2: Recovery

324 10 3
                                    


All main characters in this story belong to Rick Riordan, unless mentioned otherwise. A few minor characters to get the story flowing will be created by me.

I was given a tall stack of pancakes
and bacon, with a glass of orange juice next to the plate. I wasn't very hungry or thirsty. Seeing the pancakes reminded me of the Argo two, where every day I would have a tall stack of blue pancakes. I was alone in the room, other than my mom passed out in a chair.
_____________
FLASHBACK
_____________
"Seaweed Brain, you're drowning them" Annabeth told me.

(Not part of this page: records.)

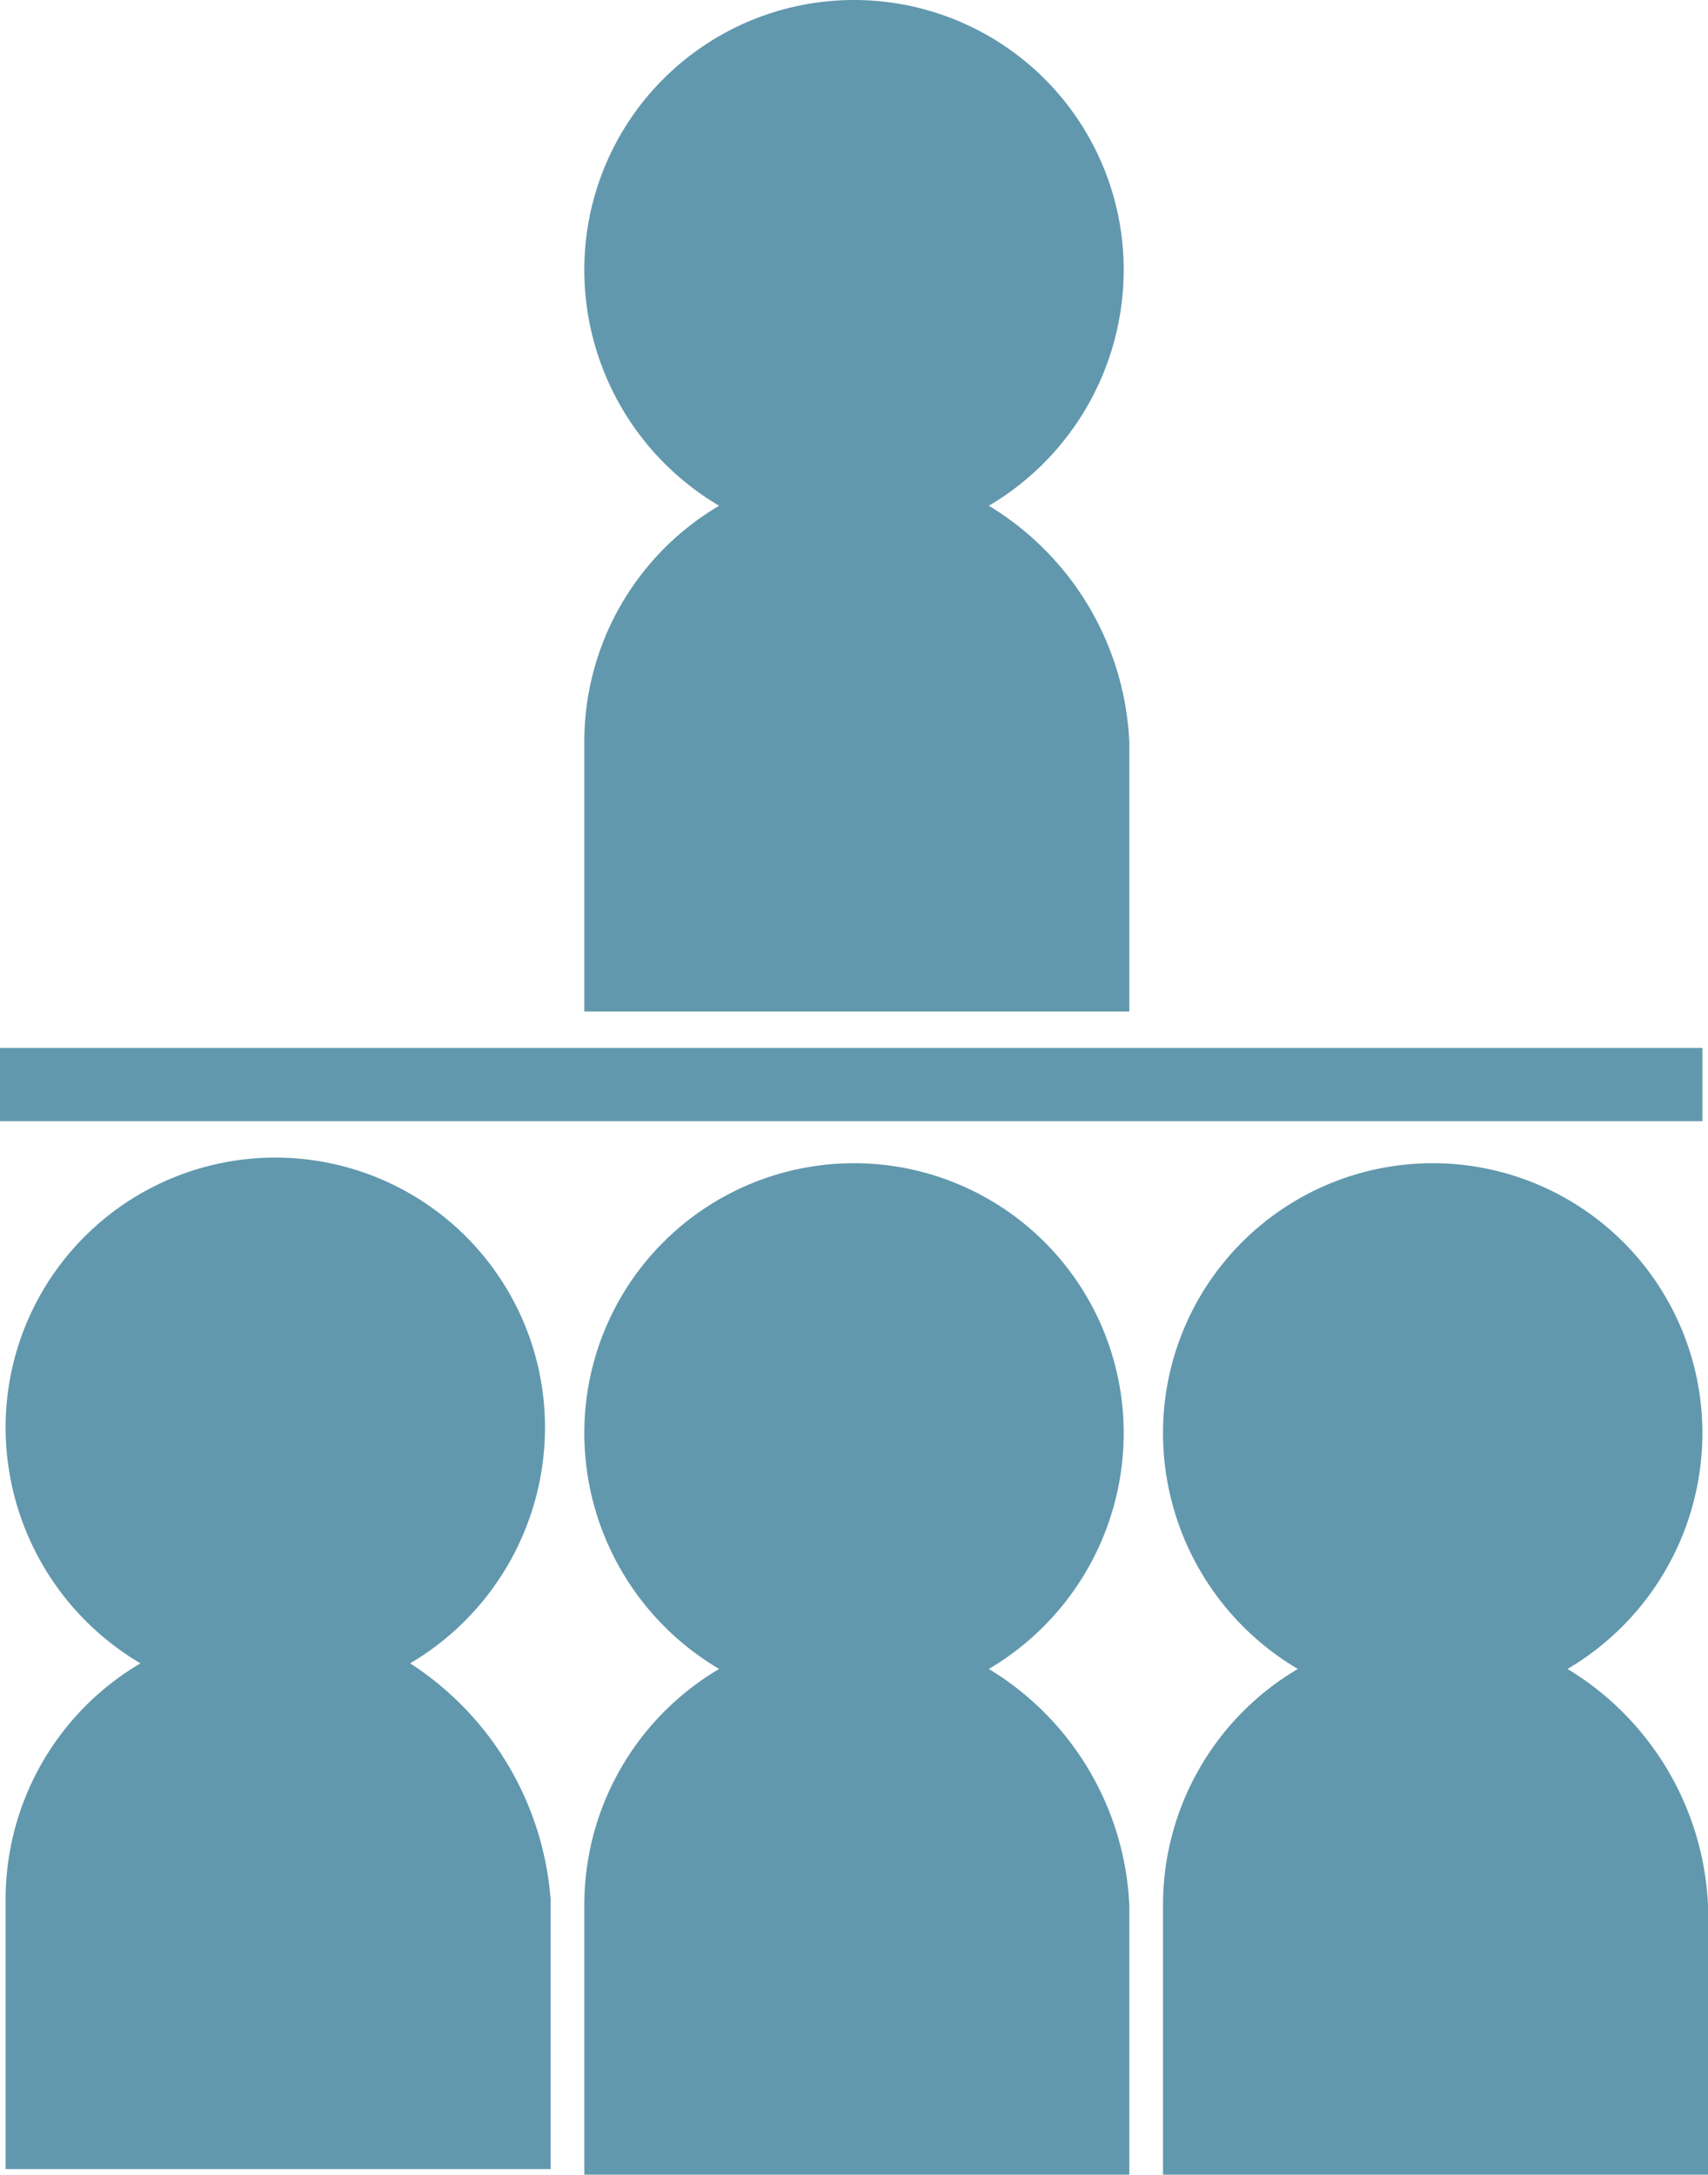 <svg xmlns="http://www.w3.org/2000/svg" viewBox="0 0 30.4 38.7">
  <g id="bdadd67c-142a-4fb6-a0d3-74b106cafb74" data-name="Layer 2">
    <g id="be301647-dd36-4ab8-820d-7943b9f1fb63" data-name="Optiek_Blauw">
      <g>
        <path d="M7.3,29.6a4.875,4.875,0,0,0,2.4-4.2,4.8,4.8,0,0,0-9.6,0,4.875,4.875,0,0,0,2.4,4.2A4.875,4.875,0,0,0,.1,33.8v4.8H9.8V33.8A5.504,5.504,0,0,0,7.3,29.6Z" style="fill: #6198ad"/>
        <path d="M17.6,29.7A4.875,4.875,0,0,0,20,25.5a4.8,4.8,0,0,0-9.6,0,4.875,4.875,0,0,0,2.4,4.2,4.875,4.875,0,0,0-2.4,4.2v4.8h9.7V33.9A5.191,5.191,0,0,0,17.6,29.7Z" style="fill: #6198ad"/>
        <path d="M27.9,29.7a4.875,4.875,0,0,0,2.4-4.2,4.8,4.8,0,0,0-9.6,0,4.875,4.875,0,0,0,2.4,4.2,4.875,4.875,0,0,0-2.4,4.2v4.8h9.7V33.9A5.191,5.191,0,0,0,27.9,29.7Z" style="fill: #6198ad"/>
        <line y1="19.3" x2="30.3" y2="19.3" style="fill: none;stroke: #6198ad;stroke-miterlimit: 10;stroke-width: 1.303px"/>
        <path d="M17.6,9A4.875,4.875,0,0,0,20,4.8a4.8,4.8,0,0,0-9.6,0A4.875,4.875,0,0,0,12.8,9a4.875,4.875,0,0,0-2.4,4.2V18h9.7V13.2A5.191,5.191,0,0,0,17.6,9Z" style="fill: #6198ad"/>
      </g>
    </g>
  </g>
</svg>

"I'm a Poseidon kid. I can't drown, and neither can my pancakes."

She laughed, and pecked me on the lips. I hope I didn't taste like syrup. Her image flashed before me, before the whole vision flickered and faded. Once it faded completely, I was in a semi lit hospital room, without Annabeth.
__________________
FLASHBACK OVER
___________________

I poked at my pancakes. Hospital food doesn't taste very good. I cut off a bite, and it was soggy and limp. The syrup was artificial, not like the syrup that came from The Argo two or Camp Half Blood. Which wasn't even real, according to the doctors. No. I refused to believe that.

As I finished off the pancakes, a nurse came in to check my vital signs and poke me with another needle. The all powerful and handsome Percy Jackson, who defeated Kronos and was one of the elite team to defeat Gaea was afraid of needles. Go on and laugh. Annabeth is afraid of spiders, and basically nothing scares her other than them. Thinking about Annabeth made me feel like an arrow had gone straight through my side. That was an experience I had enough of in Tartarus.

"You'll be able to go home tomorrow"
The nurse told me as she cleaned my tray.

Home. What would home be like? Would Smelly Gabe be there? If I had never become a demigod, so maybe my mother never married him. Or would it be Paul? No, probably not. Or would it be some other man I didn't know? What if my mother had no one? What if she didn't have any one to keep her going during my supposed coma?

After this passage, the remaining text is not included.